Problem requirements → What lines in the entries hold the string "linejoin"? List them.
━━━━━ Materials provided ━━━━━
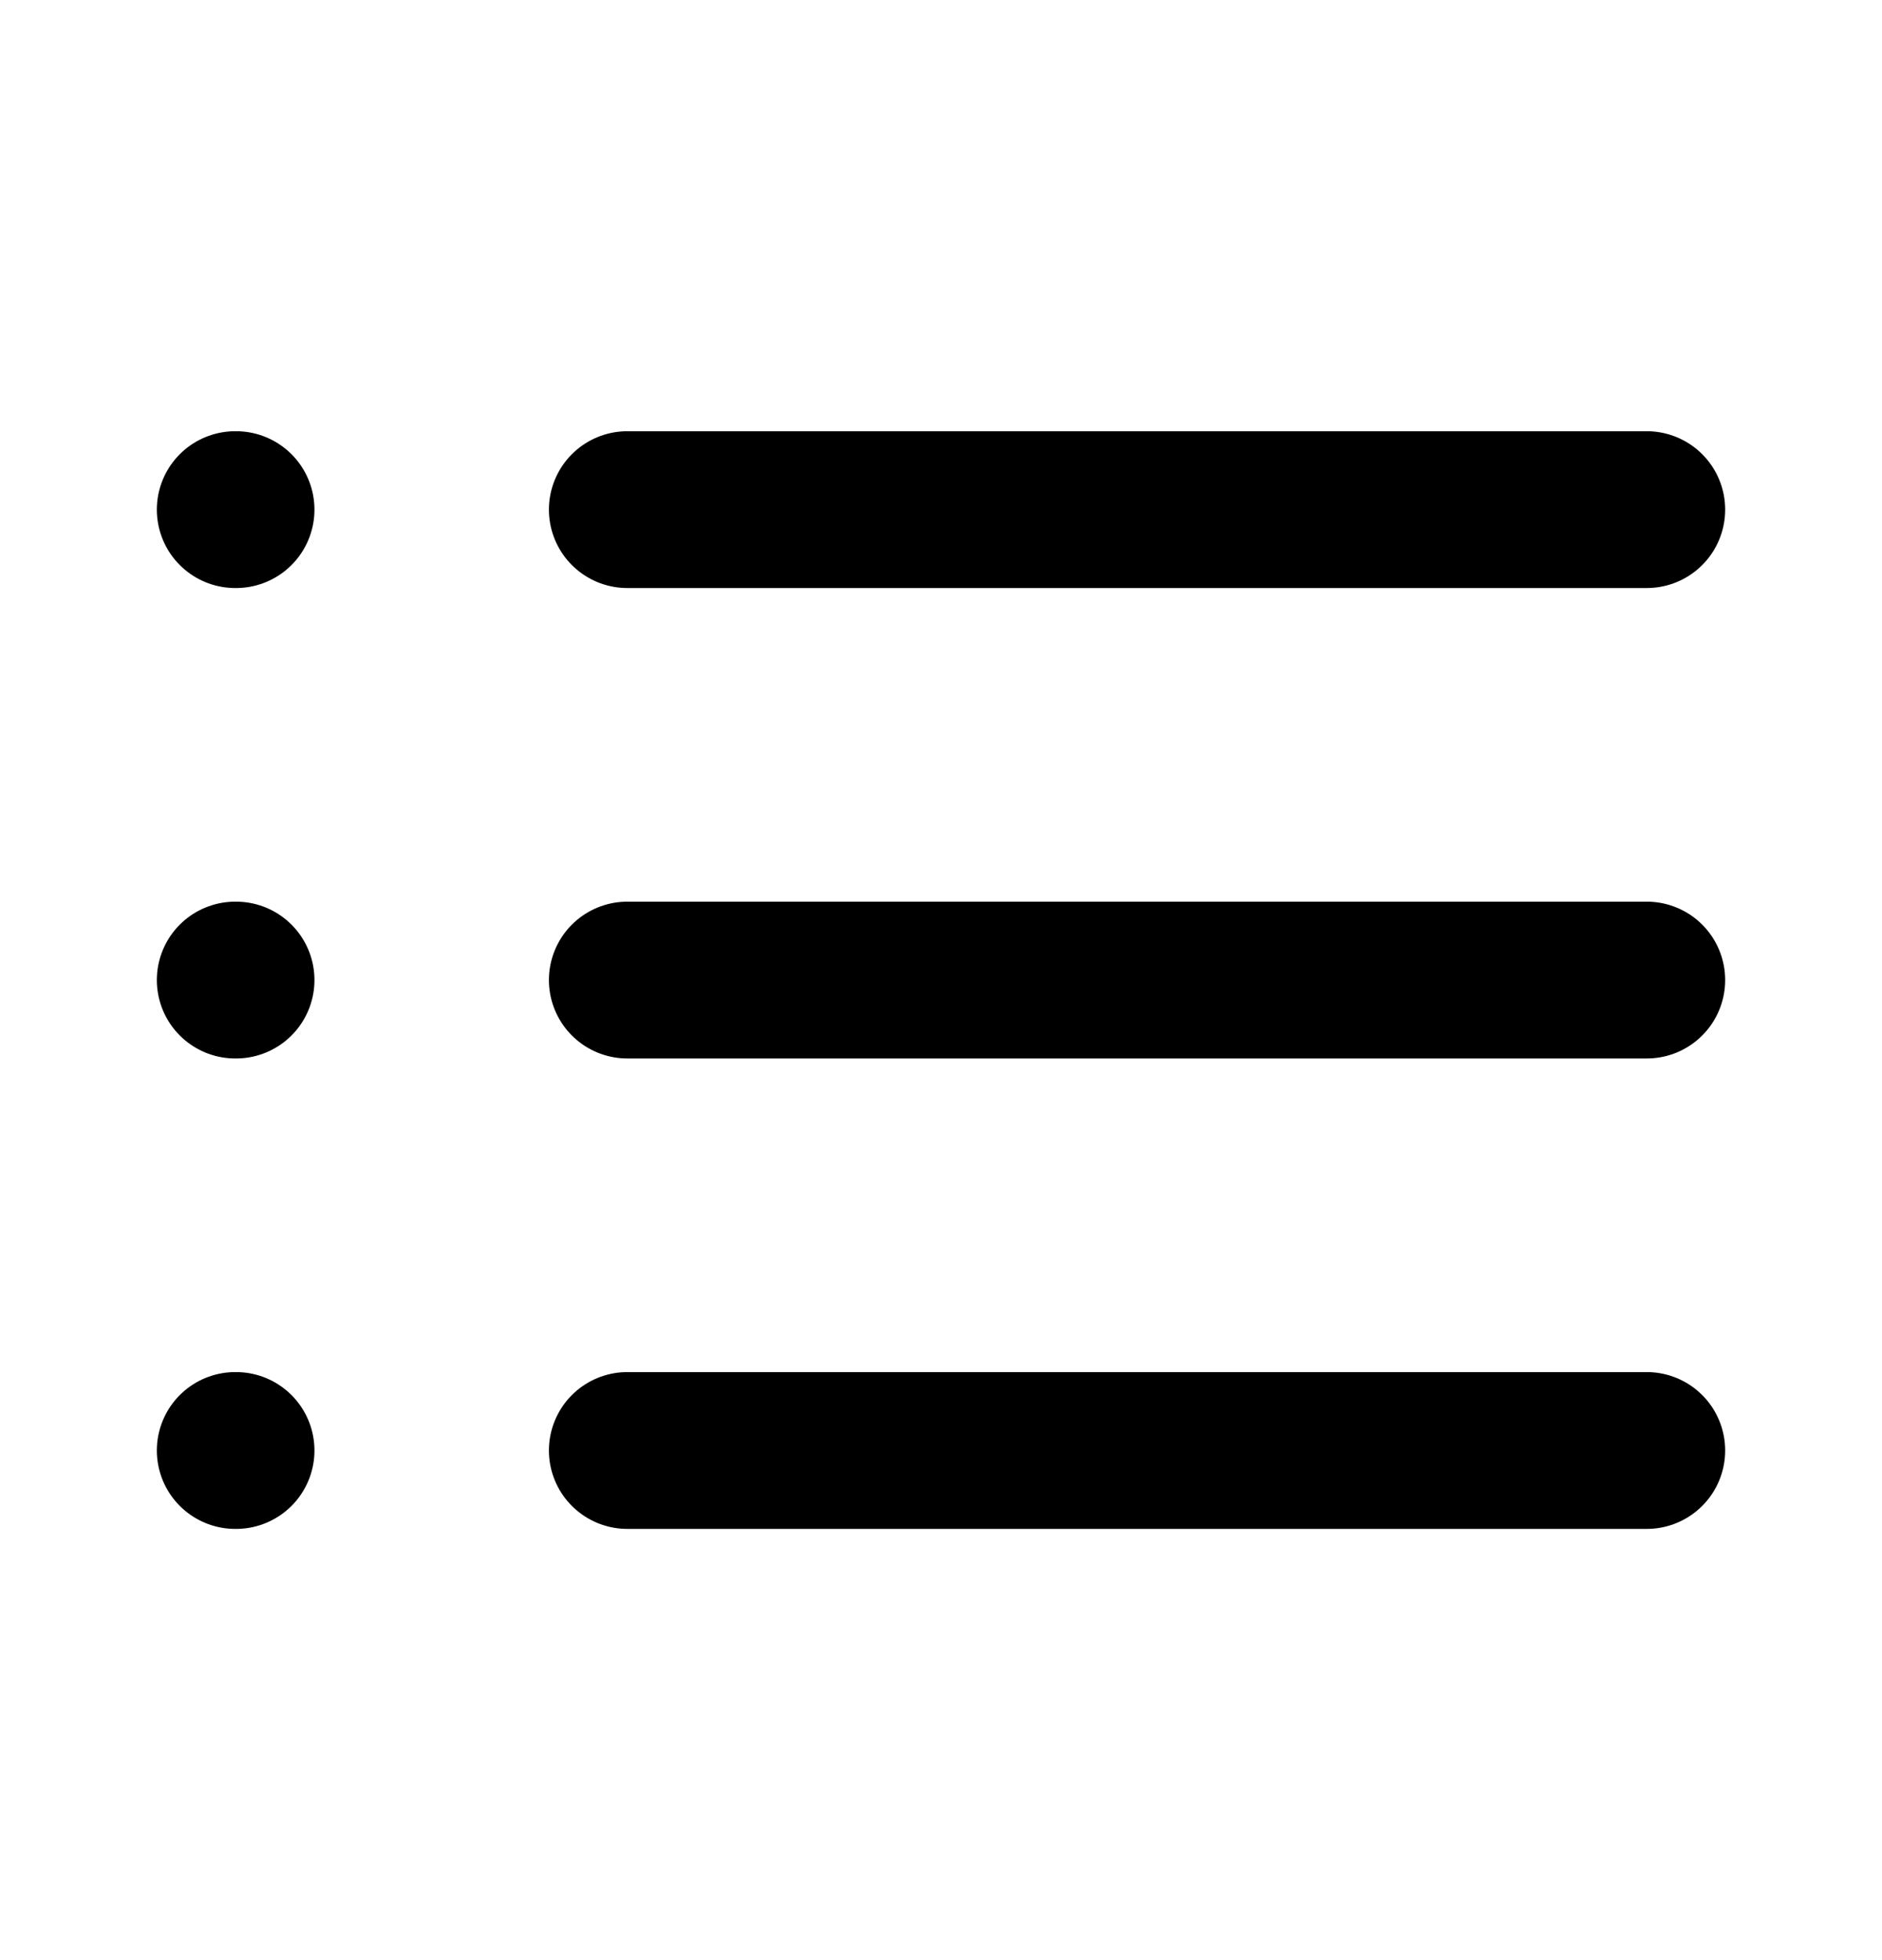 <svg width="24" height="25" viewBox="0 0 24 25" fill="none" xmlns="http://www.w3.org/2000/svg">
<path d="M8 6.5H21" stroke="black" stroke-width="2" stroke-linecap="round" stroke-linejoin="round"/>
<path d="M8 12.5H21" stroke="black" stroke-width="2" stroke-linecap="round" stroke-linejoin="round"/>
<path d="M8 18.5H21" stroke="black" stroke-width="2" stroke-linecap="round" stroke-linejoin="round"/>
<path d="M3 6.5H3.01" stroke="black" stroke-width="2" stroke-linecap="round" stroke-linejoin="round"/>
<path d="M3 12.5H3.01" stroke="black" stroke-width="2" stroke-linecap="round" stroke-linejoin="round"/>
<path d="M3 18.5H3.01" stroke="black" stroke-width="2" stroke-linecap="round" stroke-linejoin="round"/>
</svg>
━━━━━
━━━━━ Materials provided ━━━━━
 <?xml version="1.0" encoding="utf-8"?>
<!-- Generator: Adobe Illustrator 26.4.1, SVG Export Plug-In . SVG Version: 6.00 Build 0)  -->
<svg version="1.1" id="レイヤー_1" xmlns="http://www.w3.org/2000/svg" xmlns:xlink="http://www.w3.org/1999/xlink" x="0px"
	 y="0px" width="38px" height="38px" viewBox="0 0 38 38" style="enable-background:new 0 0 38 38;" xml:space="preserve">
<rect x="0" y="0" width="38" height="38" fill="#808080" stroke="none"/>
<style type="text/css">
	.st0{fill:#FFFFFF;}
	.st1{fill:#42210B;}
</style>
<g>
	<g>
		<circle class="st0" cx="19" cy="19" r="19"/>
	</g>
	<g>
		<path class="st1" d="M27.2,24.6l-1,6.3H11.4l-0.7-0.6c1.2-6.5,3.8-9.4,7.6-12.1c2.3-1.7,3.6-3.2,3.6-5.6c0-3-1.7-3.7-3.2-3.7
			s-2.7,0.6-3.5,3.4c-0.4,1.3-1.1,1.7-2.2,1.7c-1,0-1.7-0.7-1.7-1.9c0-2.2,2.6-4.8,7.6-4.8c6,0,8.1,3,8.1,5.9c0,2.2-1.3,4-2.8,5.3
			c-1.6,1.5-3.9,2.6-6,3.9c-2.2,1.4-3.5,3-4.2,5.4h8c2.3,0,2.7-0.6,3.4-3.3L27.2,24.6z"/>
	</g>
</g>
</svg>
━━━━━
The completed task →
<path d="M8 6.5H21" stroke="black" stroke-width="2" stroke-linecap="round" stroke-linejoin="round"/>
<path d="M8 12.5H21" stroke="black" stroke-width="2" stroke-linecap="round" stroke-linejoin="round"/>
<path d="M8 18.5H21" stroke="black" stroke-width="2" stroke-linecap="round" stroke-linejoin="round"/>
<path d="M3 6.5H3.01" stroke="black" stroke-width="2" stroke-linecap="round" stroke-linejoin="round"/>
<path d="M3 12.5H3.01" stroke="black" stroke-width="2" stroke-linecap="round" stroke-linejoin="round"/>
<path d="M3 18.5H3.01" stroke="black" stroke-width="2" stroke-linecap="round" stroke-linejoin="round"/>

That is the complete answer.